In conclusion, in Paper II we identified major and minor PLs present in H. pylori with our newly developed 2D 31P,1H COSY NMR method that provides high sensitivity and quantification. We believe that this method will be applicable for the analysis of any organic phosphorous compounds.

Paper III

Endocytosis of Helicobacter pylori vesicles

Internalization of vesicles and subsequent delivery of virulence factors can be achieved either through vesicle fusion with the host cell membrane or via endocytic pathways. In this study we aimed to analyze the routes by which H. pylori vesicles are internalized by their host cells.

In the initial phase of this project, we used highly purified vesicles to study vesicle uptake in gastric epithelial cells with fluorescence microscopy. It was, however, difficult to distinguish vesicles that were associated with the host cell surface from vesicles that were internalized due to the high background of vesicles bound nonspecifically to the glass slide and to the cell surface. These nonspecifically bound vesicles were difficult, if not impossible, to remove using standard washing procedures. Thus, we explored an alternative approach based on a cleavable linker to specifically analyze and quantify internalized vesicles. Other studies concerning vesicle uptake are mainly based on microscopy, which is time consuming for quantification. We compared vesicle uptake both with fluorescent confocal microscopy and our new quantitative assay and found that the new method allows us to analyze a

significantly larger number of cells simultaneously. With this method, multiple replicates can be analyzed simultaneously and vesicle uptake by cells treated differently, such as with chemical inhibitors or with vesicles derived from different bacterial strains, can easily be compared. This is important because cellular behavior can differ, e.g. the rate of endocytosis is affected by cell density. Also, in comparison to other methods used to quantify vesicle uptake, we do not need to detach adherent cells for analysis and this minimizes the risk of disrupting the system and affecting the results of the experiment.

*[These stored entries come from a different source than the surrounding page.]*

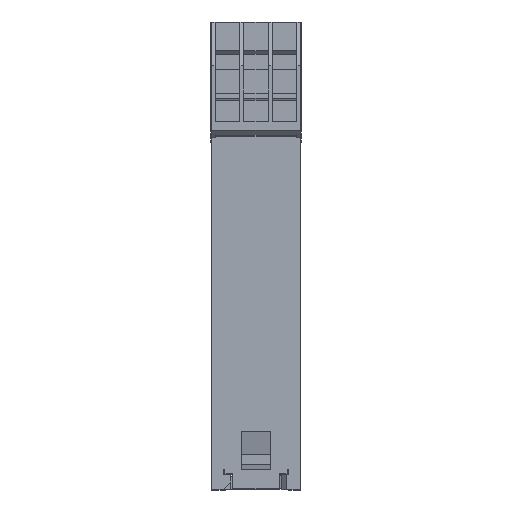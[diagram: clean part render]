
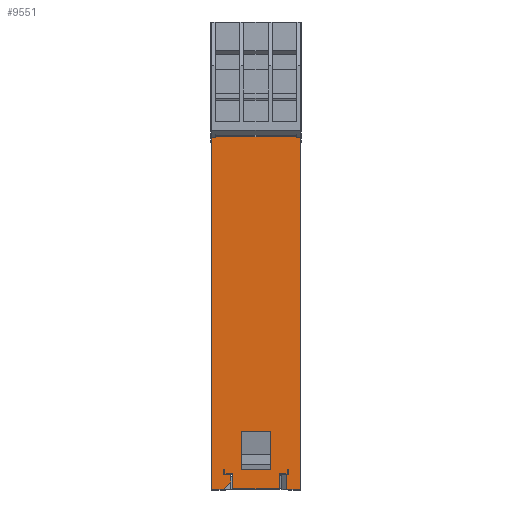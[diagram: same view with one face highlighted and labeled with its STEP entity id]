
A CAD part, top view. The second image highlights one B-rep face of the part: STEP entity #9551.
In plain terms, the highlighted planar face has unit normal (0, 0, 1).
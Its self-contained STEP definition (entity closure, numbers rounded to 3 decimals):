
#25=DIRECTION('',(0.,-1.,0.));
#26=VECTOR('',#25,89.164);
#27=CARTESIAN_POINT('',(-11.25,89.164,37.5));
#28=LINE('',#27,#26);
#341=DIRECTION('',(0.,-1.,0.));
#342=VECTOR('',#341,89.164);
#343=CARTESIAN_POINT('',(11.25,89.164,37.5));
#344=LINE('',#343,#342);
#1615=DIRECTION('',(1.,0.,0.));
#1616=VECTOR('',#1615,1.03);
#1617=CARTESIAN_POINT('',(-11.25,89.164,37.5));
#1618=LINE('',#1617,#1616);
#1619=DIRECTION('',(0.,-1.,0.));
#1620=VECTOR('',#1619,0.036);
#1621=CARTESIAN_POINT('',(-10.22,89.2,37.5));
#1622=LINE('',#1621,#1620);
#1623=DIRECTION('',(1.,0.,0.));
#1624=VECTOR('',#1623,20.44);
#1625=CARTESIAN_POINT('',(-10.22,89.2,37.5));
#1626=LINE('',#1625,#1624);
#1627=DIRECTION('',(0.,-1.,0.));
#1628=VECTOR('',#1627,0.036);
#1629=CARTESIAN_POINT('',(10.22,89.2,37.5));
#1630=LINE('',#1629,#1628);
#1631=DIRECTION('',(1.,0.,0.));
#1632=VECTOR('',#1631,1.03);
#1633=CARTESIAN_POINT('',(10.22,89.164,37.5));
#1634=LINE('',#1633,#1632);
#1635=DIRECTION('',(0.,1.,0.));
#1636=VECTOR('',#1635,3.7);
#1637=CARTESIAN_POINT('',(7.77,0.,37.5));
#1638=LINE('',#1637,#1636);
#1639=DIRECTION('',(1.,0.,0.));
#1640=VECTOR('',#1639,0.38);
#1641=CARTESIAN_POINT('',(7.77,3.7,37.5));
#1642=LINE('',#1641,#1640);
#1643=DIRECTION('',(0.,1.,0.));
#1644=VECTOR('',#1643,1.3);
#1645=CARTESIAN_POINT('',(8.15,3.7,37.5));
#1646=LINE('',#1645,#1644);
#1647=DIRECTION('',(-1.,0.,0.));
#1648=VECTOR('',#1647,0.275);
#1649=CARTESIAN_POINT('',(8.15,5.,37.5));
#1650=LINE('',#1649,#1648);
#1651=DIRECTION('',(0.,-1.,0.));
#1652=VECTOR('',#1651,1.05);
#1653=CARTESIAN_POINT('',(7.875,5.,37.5));
#1654=LINE('',#1653,#1652);
#1655=DIRECTION('',(-1.,0.,0.));
#1656=VECTOR('',#1655,2.);
#1657=CARTESIAN_POINT('',(7.875,3.95,37.5));
#1658=LINE('',#1657,#1656);
#1659=DIRECTION('',(0.,-1.,0.));
#1660=VECTOR('',#1659,3.8);
#1661=CARTESIAN_POINT('',(5.875,3.95,37.5));
#1662=LINE('',#1661,#1660);
#1663=DIRECTION('',(-1.,0.,0.));
#1664=VECTOR('',#1663,11.75);
#1665=CARTESIAN_POINT('',(5.875,0.15,37.5));
#1666=LINE('',#1665,#1664);
#1667=DIRECTION('',(0.,1.,0.));
#1668=VECTOR('',#1667,3.8);
#1669=CARTESIAN_POINT('',(-5.875,0.15,37.5));
#1670=LINE('',#1669,#1668);
#1671=DIRECTION('',(-1.,0.,0.));
#1672=VECTOR('',#1671,2.);
#1673=CARTESIAN_POINT('',(-5.875,3.95,37.5));
#1674=LINE('',#1673,#1672);
#1675=DIRECTION('',(0.,1.,0.));
#1676=VECTOR('',#1675,1.05);
#1677=CARTESIAN_POINT('',(-7.875,3.95,37.5));
#1678=LINE('',#1677,#1676);
#1679=DIRECTION('',(-1.,0.,0.));
#1680=VECTOR('',#1679,0.275);
#1681=CARTESIAN_POINT('',(-7.875,5.,37.5));
#1682=LINE('',#1681,#1680);
#1683=DIRECTION('',(0.,-1.,0.));
#1684=VECTOR('',#1683,1.3);
#1685=CARTESIAN_POINT('',(-8.15,5.,37.5));
#1686=LINE('',#1685,#1684);
#1687=DIRECTION('',(1.,0.,0.));
#1688=VECTOR('',#1687,1.75);
#1689=CARTESIAN_POINT('',(-8.15,3.7,37.5));
#1690=LINE('',#1689,#1688);
#1691=DIRECTION('',(0.,1.,0.));
#1692=VECTOR('',#1691,1.81);
#1693=CARTESIAN_POINT('',(-6.4,1.89,37.5));
#1694=LINE('',#1693,#1692);
#1695=DIRECTION('',(-0.707,-0.707,0.));
#1696=VECTOR('',#1695,2.673);
#1697=CARTESIAN_POINT('',(-6.4,1.89,37.5));
#1698=LINE('',#1697,#1696);
#1699=DIRECTION('',(0.,1.,0.));
#1700=VECTOR('',#1699,9.6);
#1701=CARTESIAN_POINT('',(-3.7,5.,37.5));
#1702=LINE('',#1701,#1700);
#1703=DIRECTION('',(1.,0.,0.));
#1704=VECTOR('',#1703,7.4);
#1705=CARTESIAN_POINT('',(-3.7,5.,37.5));
#1706=LINE('',#1705,#1704);
#1707=DIRECTION('',(0.,1.,0.));
#1708=VECTOR('',#1707,9.6);
#1709=CARTESIAN_POINT('',(3.7,5.,37.5));
#1710=LINE('',#1709,#1708);
#1711=DIRECTION('',(1.,0.,0.));
#1712=VECTOR('',#1711,7.4);
#1713=CARTESIAN_POINT('',(-3.7,14.6,37.5));
#1714=LINE('',#1713,#1712);
#1740=DIRECTION('',(1.,0.,0.));
#1741=VECTOR('',#1740,3.48);
#1742=CARTESIAN_POINT('',(7.77,0.,37.5));
#1743=LINE('',#1742,#1741);
#4357=DIRECTION('',(1.,0.,0.));
#4358=VECTOR('',#4357,2.96);
#4359=CARTESIAN_POINT('',(-11.25,0.,37.5));
#4360=LINE('',#4359,#4358);
#5825=CARTESIAN_POINT('',(-11.25,0.,37.5));
#5826=VERTEX_POINT('',#5825);
#5829=CARTESIAN_POINT('',(11.25,0.,37.5));
#5830=VERTEX_POINT('',#5829);
#5937=CARTESIAN_POINT('',(-8.15,5.,37.5));
#5938=CARTESIAN_POINT('',(-8.15,3.7,37.5));
#5939=VERTEX_POINT('',#5937);
#5940=VERTEX_POINT('',#5938);
#5941=CARTESIAN_POINT('',(8.15,3.7,37.5));
#5942=CARTESIAN_POINT('',(8.15,5.,37.5));
#5943=VERTEX_POINT('',#5941);
#5944=VERTEX_POINT('',#5942);
#5975=CARTESIAN_POINT('',(7.77,0.,37.5));
#5976=VERTEX_POINT('',#5975);
#5979=CARTESIAN_POINT('',(7.77,3.7,37.5));
#5980=VERTEX_POINT('',#5979);
#6001=CARTESIAN_POINT('',(-6.4,3.7,37.5));
#6003=VERTEX_POINT('',#6001);
#6229=CARTESIAN_POINT('',(-8.29,0.,37.5));
#6231=VERTEX_POINT('',#6229);
#6233=CARTESIAN_POINT('',(-6.4,1.89,37.5));
#6234=VERTEX_POINT('',#6233);
#6317=CARTESIAN_POINT('',(-3.7,14.6,37.5));
#6318=CARTESIAN_POINT('',(3.7,14.6,37.5));
#6319=VERTEX_POINT('',#6317);
#6320=VERTEX_POINT('',#6318);
#6369=CARTESIAN_POINT('',(7.875,3.95,37.5));
#6370=CARTESIAN_POINT('',(5.875,3.95,37.5));
#6371=VERTEX_POINT('',#6369);
#6372=VERTEX_POINT('',#6370);
#6373=CARTESIAN_POINT('',(5.875,0.15,37.5));
#6374=VERTEX_POINT('',#6373);
#6375=CARTESIAN_POINT('',(-5.875,0.15,37.5));
#6376=VERTEX_POINT('',#6375);
#6377=CARTESIAN_POINT('',(-5.875,3.95,37.5));
#6378=VERTEX_POINT('',#6377);
#6379=CARTESIAN_POINT('',(-7.875,3.95,37.5));
#6380=VERTEX_POINT('',#6379);
#6557=CARTESIAN_POINT('',(7.875,5.,37.5));
#6559=VERTEX_POINT('',#6557);
#6561=CARTESIAN_POINT('',(-7.875,5.,37.5));
#6563=VERTEX_POINT('',#6561);
#6597=CARTESIAN_POINT('',(3.7,5.,37.5));
#6598=VERTEX_POINT('',#6597);
#6599=CARTESIAN_POINT('',(-3.7,5.,37.5));
#6600=VERTEX_POINT('',#6599);
#7309=CARTESIAN_POINT('',(-11.25,89.164,37.5));
#7310=CARTESIAN_POINT('',(-10.22,89.164,37.5));
#7311=VERTEX_POINT('',#7309);
#7312=VERTEX_POINT('',#7310);
#7313=CARTESIAN_POINT('',(10.22,89.164,37.5));
#7314=CARTESIAN_POINT('',(11.25,89.164,37.5));
#7315=VERTEX_POINT('',#7313);
#7316=VERTEX_POINT('',#7314);
#7317=CARTESIAN_POINT('',(10.22,89.2,37.5));
#7318=VERTEX_POINT('',#7317);
#7319=CARTESIAN_POINT('',(-10.22,89.2,37.5));
#7320=VERTEX_POINT('',#7319);
#9491=CARTESIAN_POINT('',(-11.25,89.2,37.5));
#9492=DIRECTION('',(0.,0.,1.));
#9493=DIRECTION('',(0.,-1.,0.));
#9494=AXIS2_PLACEMENT_3D('',#9491,#9492,#9493);
#9495=PLANE('',#9494);
#9496=ORIENTED_EDGE('',*,*,#9478,.T.);
#9497=ORIENTED_EDGE('',*,*,#9210,.F.);
#9498=ORIENTED_EDGE('',*,*,#9270,.T.);
#9499=ORIENTED_EDGE('',*,*,#9405,.T.);
#9500=ORIENTED_EDGE('',*,*,#9483,.T.);
#9501=ORIENTED_EDGE('',*,*,#7887,.T.);
#9503=ORIENTED_EDGE('',*,*,#9502,.F.);
#9505=ORIENTED_EDGE('',*,*,#9504,.T.);
#9507=ORIENTED_EDGE('',*,*,#9506,.T.);
#9509=ORIENTED_EDGE('',*,*,#9508,.T.);
#9511=ORIENTED_EDGE('',*,*,#9510,.T.);
#9513=ORIENTED_EDGE('',*,*,#9512,.T.);
#9515=ORIENTED_EDGE('',*,*,#9514,.T.);
#9517=ORIENTED_EDGE('',*,*,#9516,.T.);
#9519=ORIENTED_EDGE('',*,*,#9518,.T.);
#9521=ORIENTED_EDGE('',*,*,#9520,.T.);
#9523=ORIENTED_EDGE('',*,*,#9522,.T.);
#9525=ORIENTED_EDGE('',*,*,#9524,.T.);
#9527=ORIENTED_EDGE('',*,*,#9526,.T.);
#9529=ORIENTED_EDGE('',*,*,#9528,.T.);
#9531=ORIENTED_EDGE('',*,*,#9530,.T.);
#9533=ORIENTED_EDGE('',*,*,#9532,.F.);
#9535=ORIENTED_EDGE('',*,*,#9534,.T.);
#9537=ORIENTED_EDGE('',*,*,#9536,.F.);
#9538=ORIENTED_EDGE('',*,*,#7650,.F.);
#9539=EDGE_LOOP('',(#9496,#9497,#9498,#9499,#9500,#9501,#9503,#9505,#9507,#9509,
#9511,#9513,#9515,#9517,#9519,#9521,#9523,#9525,#9527,#9529,#9531,#9533,#9535,
#9537,#9538));
#9540=FACE_OUTER_BOUND('',#9539,.F.);
#9542=ORIENTED_EDGE('',*,*,#9541,.F.);
#9544=ORIENTED_EDGE('',*,*,#9543,.T.);
#9546=ORIENTED_EDGE('',*,*,#9545,.T.);
#9548=ORIENTED_EDGE('',*,*,#9547,.F.);
#9549=EDGE_LOOP('',(#9542,#9544,#9546,#9548));
#9550=FACE_BOUND('',#9549,.F.);
#9551=ADVANCED_FACE('',(#9540,#9550),#9495,.T.);
#7650=EDGE_CURVE('',#7311,#5826,#28,.T.);
#7887=EDGE_CURVE('',#7316,#5830,#344,.T.);
#9210=EDGE_CURVE('',#7320,#7312,#1622,.T.);
#9270=EDGE_CURVE('',#7320,#7318,#1626,.T.);
#9405=EDGE_CURVE('',#7318,#7315,#1630,.T.);
#9478=EDGE_CURVE('',#7311,#7312,#1618,.T.);
#9483=EDGE_CURVE('',#7315,#7316,#1634,.T.);
#9502=EDGE_CURVE('',#5976,#5830,#1743,.T.);
#9504=EDGE_CURVE('',#5976,#5980,#1638,.T.);
#9506=EDGE_CURVE('',#5980,#5943,#1642,.T.);
#9508=EDGE_CURVE('',#5943,#5944,#1646,.T.);
#9510=EDGE_CURVE('',#5944,#6559,#1650,.T.);
#9512=EDGE_CURVE('',#6559,#6371,#1654,.T.);
#9514=EDGE_CURVE('',#6371,#6372,#1658,.T.);
#9516=EDGE_CURVE('',#6372,#6374,#1662,.T.);
#9518=EDGE_CURVE('',#6374,#6376,#1666,.T.);
#9520=EDGE_CURVE('',#6376,#6378,#1670,.T.);
#9522=EDGE_CURVE('',#6378,#6380,#1674,.T.);
#9524=EDGE_CURVE('',#6380,#6563,#1678,.T.);
#9526=EDGE_CURVE('',#6563,#5939,#1682,.T.);
#9528=EDGE_CURVE('',#5939,#5940,#1686,.T.);
#9530=EDGE_CURVE('',#5940,#6003,#1690,.T.);
#9532=EDGE_CURVE('',#6234,#6003,#1694,.T.);
#9534=EDGE_CURVE('',#6234,#6231,#1698,.T.);
#9536=EDGE_CURVE('',#5826,#6231,#4360,.T.);
#9541=EDGE_CURVE('',#6600,#6319,#1702,.T.);
#9543=EDGE_CURVE('',#6600,#6598,#1706,.T.);
#9545=EDGE_CURVE('',#6598,#6320,#1710,.T.);
#9547=EDGE_CURVE('',#6319,#6320,#1714,.T.);

In this paper we showed that H. pylori vesicle internalization is time and temperature dependent. Vesicle internalization increased with time, but at very long time points the vesicles tended to aggregate at the surface and edges of the cells. This has not been reported previously, and we can only speculate if it is of importance or if the phenomenon occurs in nature. Vesicles did not bind to the cells at temperatures below 18° C, implying that membrane fluidity and cholesterol are important for vesicle adherence and internalization. H. pylori vesicle internalization was affected by chemical treatments that deplete cholesterol but not sequester cholesterol. Depletion of cholesterol has been performed in previous studies of H. pylori vesicle uptake in where it affected uptake in one study but not in the other study (Kaparakis et al., 2010; Parker et al., 2010). The time of incubation, origin of the vesicles, cell medium, and method of analysis all influenced the results, and this showed that the experimental setup must be taken into consideration when drawing conclusions from the results. In our studies we found that our results differed depending on whether or not the drug was present during uptake and on the drug concentrations used. It was important in the experiments that concentrations of the drugs used to deplete or sequester the cholesterol and the time of treatment were monitored to ensure that they were not toxic to the cells. In addition, we always included transferrin as a control in these experiments. In regards to the other two publications studying H. pylori vesicle uptake after 4 h and 16 h, it seems rather unlikely that the cells would survive such a long drug treatment (ours did not). Also, if the drug is not present during uptake, the cells will probably recover and the effect of the drug treatment will be abolished.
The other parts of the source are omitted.